= Peter Aderhold =

German composer and conductor

Peter Aderhold (born 1966) is a German composer, conductor, and music educator known for his work in opera, orchestral music, and contemporary classical composition.

== Life and career ==
Born in Berlin, Aderhold studied conducting (with Horst Förster, Olaf Koch, Heinz Rögner) and composition (Günter Kochan) at the Hochschule für Musik Hanns Eisler Berlin from 1982 to 1988. In 1988, he passed his Staatsexamen in composition with the ballet music Diana; this he premiered as conductor on the occasion of the GDR Music Days in Berlin in 1990 with the Berlin Symphony Orchestra; it was broadcast several times on radio and television. From 1988 to 1993, he was conductor at the Volkstheater Rostock, then in 1994/95, he moved to the Theater Krefeld und Mönchengladbach as conductor. Since 1991, he has been chief conductor of the Mecklenburg-Vorpommern State Youth Orchestra (among others first prize in the 1997 "Youth and Music in Vienna" competition).

From 1995 to July 2000, he was first Kapellmeister and deputy general music director at the Stadttheater Bremerhaven. Since August 2000, he has been living in Berlin as a freelance composer and conductor. He has been responsible for the musical direction of several productions (among others In the Penal Colony by Philip Glass and Bremer Freiheit by Adriana Hölszky) at the Berliner Kammeroper. He has also worked as a guest conductor with the Staatskapelle Berlin, Dresden Philharmonic, Mecklenburgische Staatskapelle, Schwerin Philharmonic and the Hall Philharmonic. Since 2003 he has led the Akademisches Orchester Berlin.

Aderhold wrote symphonic works as well as the chamber opera Odysseus and the Stranger for the Opernhaus Zürich (2001) and the opera Luther on the occasion of the reopening of the Theater Erfurt.
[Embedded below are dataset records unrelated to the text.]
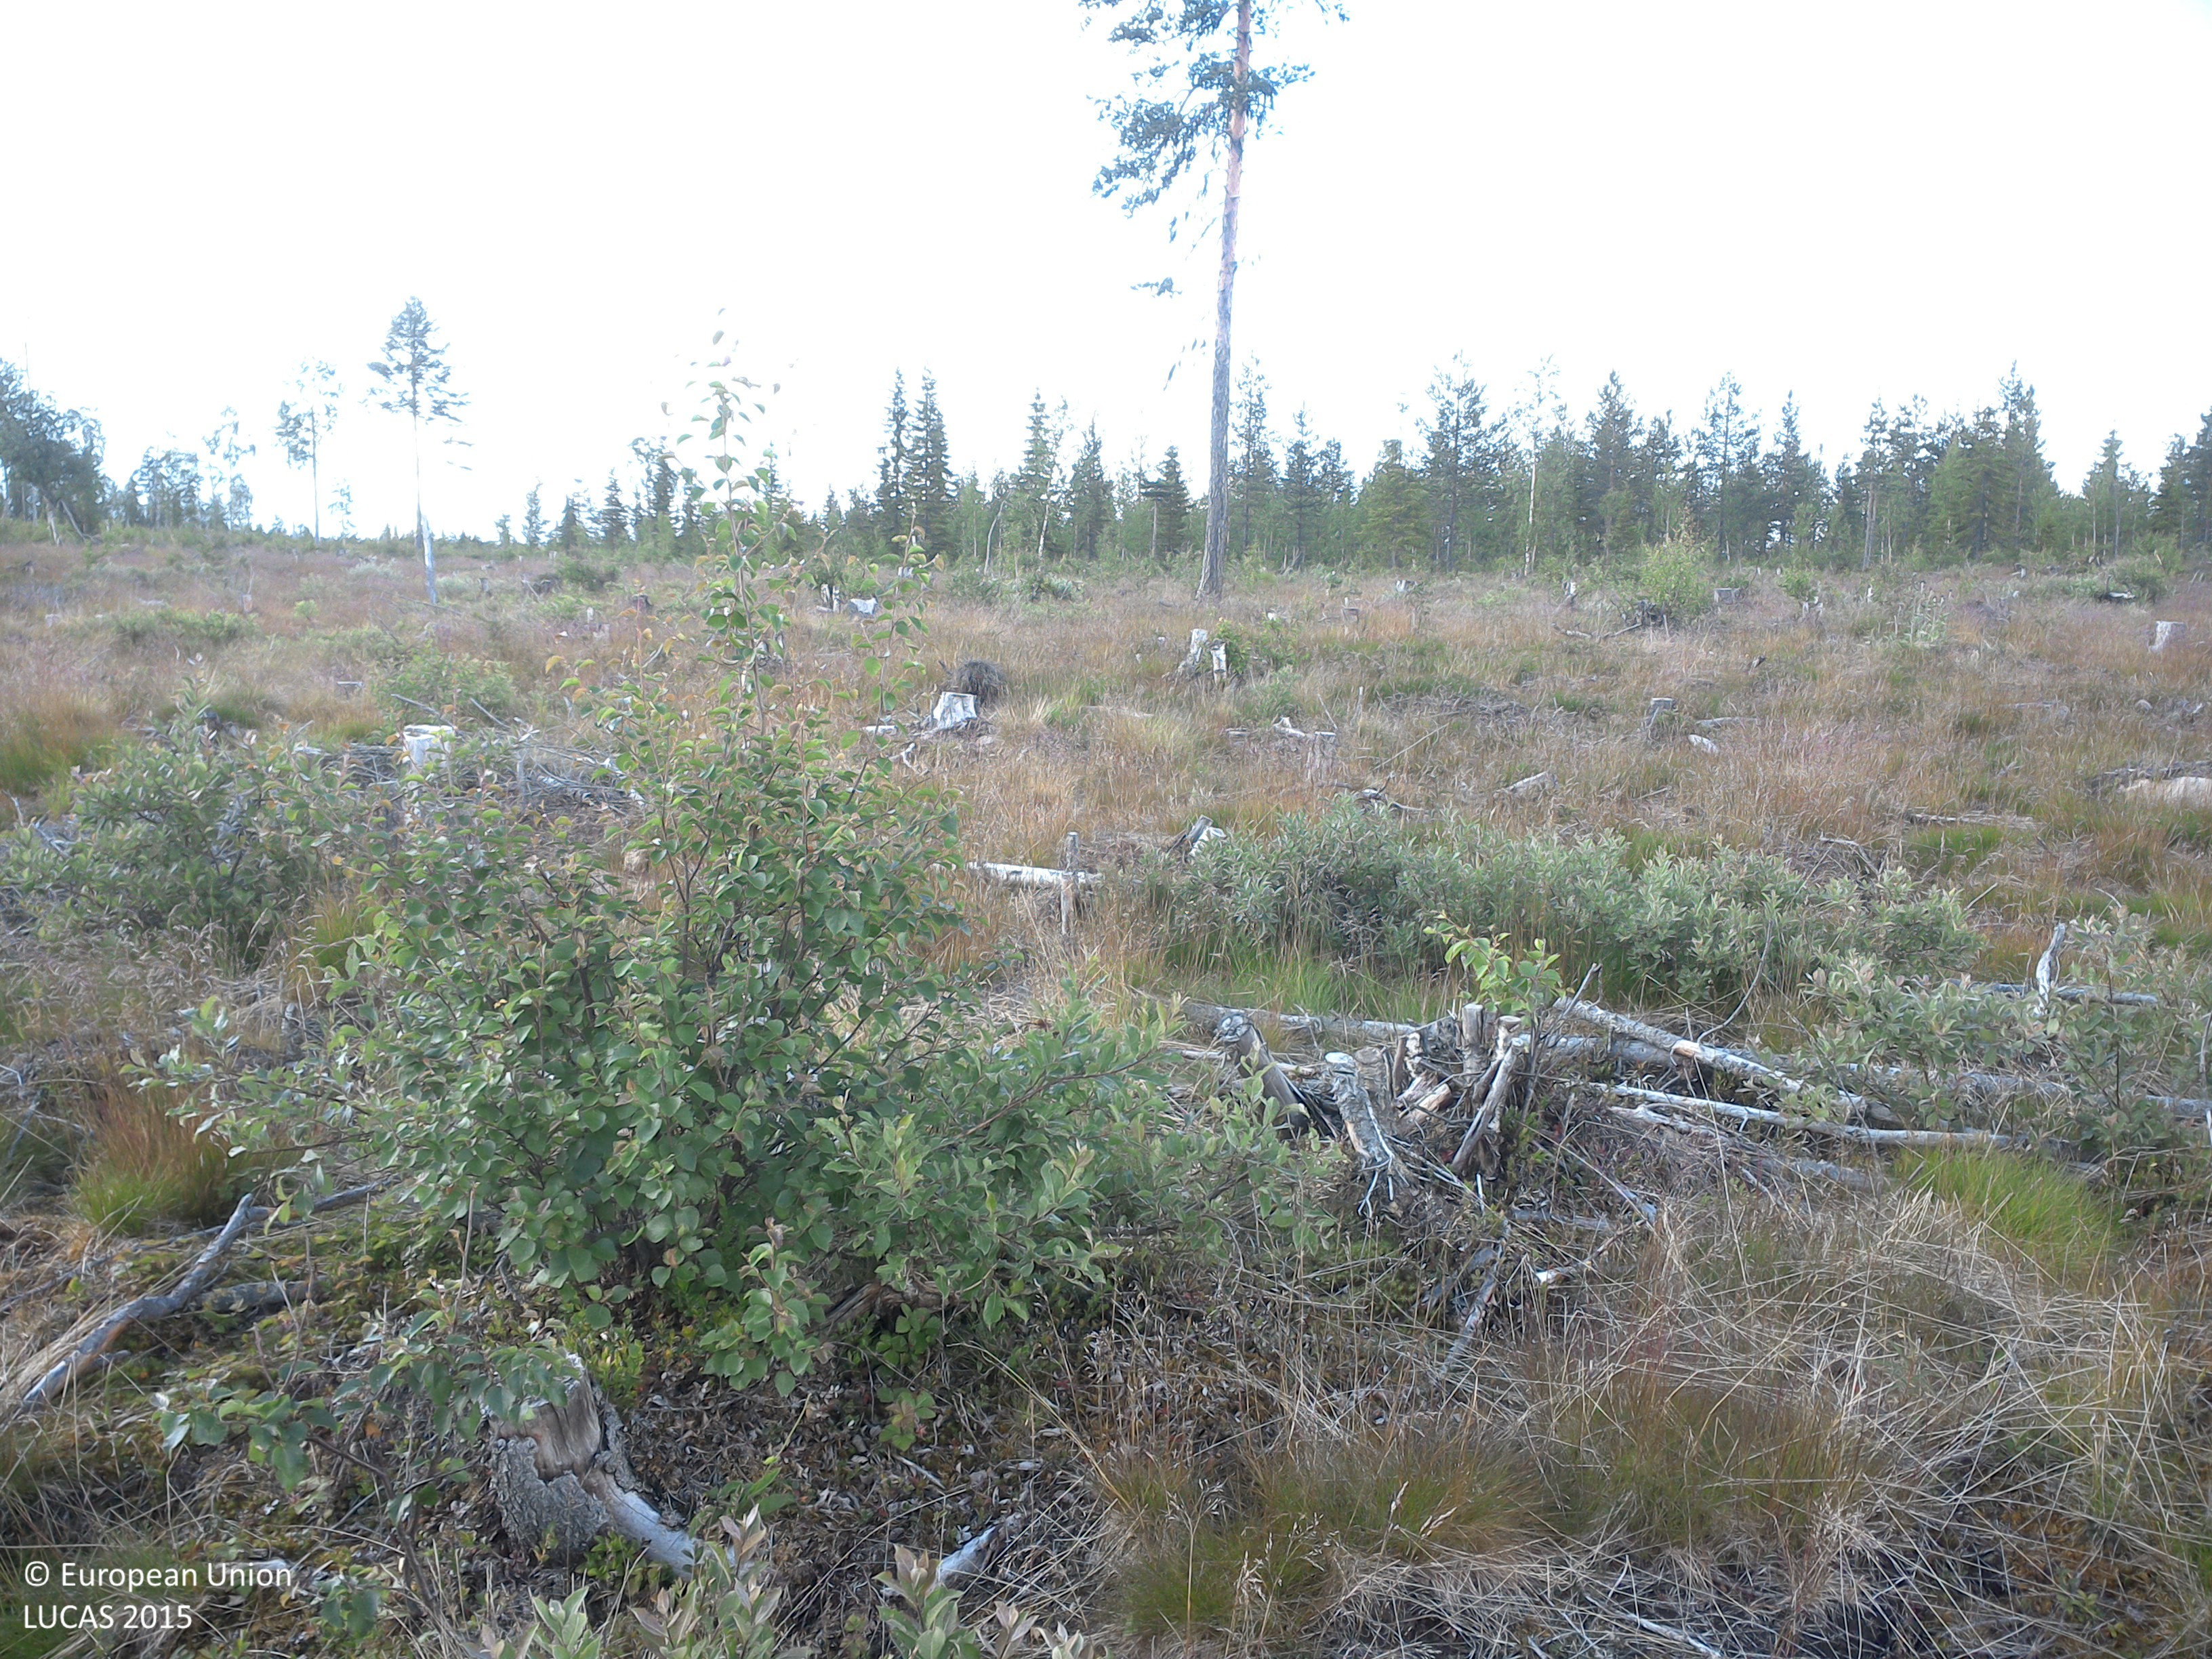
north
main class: Shrubland
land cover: Shrubland with sparse tree cover
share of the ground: 25 - 50 %
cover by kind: herbaceous plants 40 %, shrubs 25 %, unconsolidated bare surface 20 %, lichens and mosses 10 %, broadleaved forest trees 5 %
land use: Forestry
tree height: < 5 m
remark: Clear cut
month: July
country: SE
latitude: 67.7076
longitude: 23.4541

He performed his composition Fanfare for Orchestra with the Akademisches Orchester Berlin in 2008 on the occasion of its 100th anniversary. In 2011, he wrote Meditation - Concerto for Alphorn and Orchestra for the same orchestra. His Concerto for one Player with two Saxophones and Orchestra, written for Branford Marsalis, was premiered on 12 February 2012 in Frankfurt by the latter and the Theater Krefeld und Mönchengladbach conducted by Sebastian Weigle.

Aderhold was a visiting professor at the Konrad Wolf Film University of Babelsberg from 2011 to 2012. (compositional technique, instrumentation and conducting in the film music course) and is a lecturer at the Hanns Eisler Academy of Music in Berlin (instrumentation, composition, ear training).

On 22 April 2016, his second opera Orlando based on the eponymous novel by Virginia Woolf was premiered at the Staatstheater Braunschweig and won the Opera Prize Braunschweig in 2014.

== Prizes and awards ==
For his ballet music Diana, he received the Prize of Criticism of the Music Criticism Commission of the Association of Composers and Musicologists of the GDR at the 1990 GDR Music Days.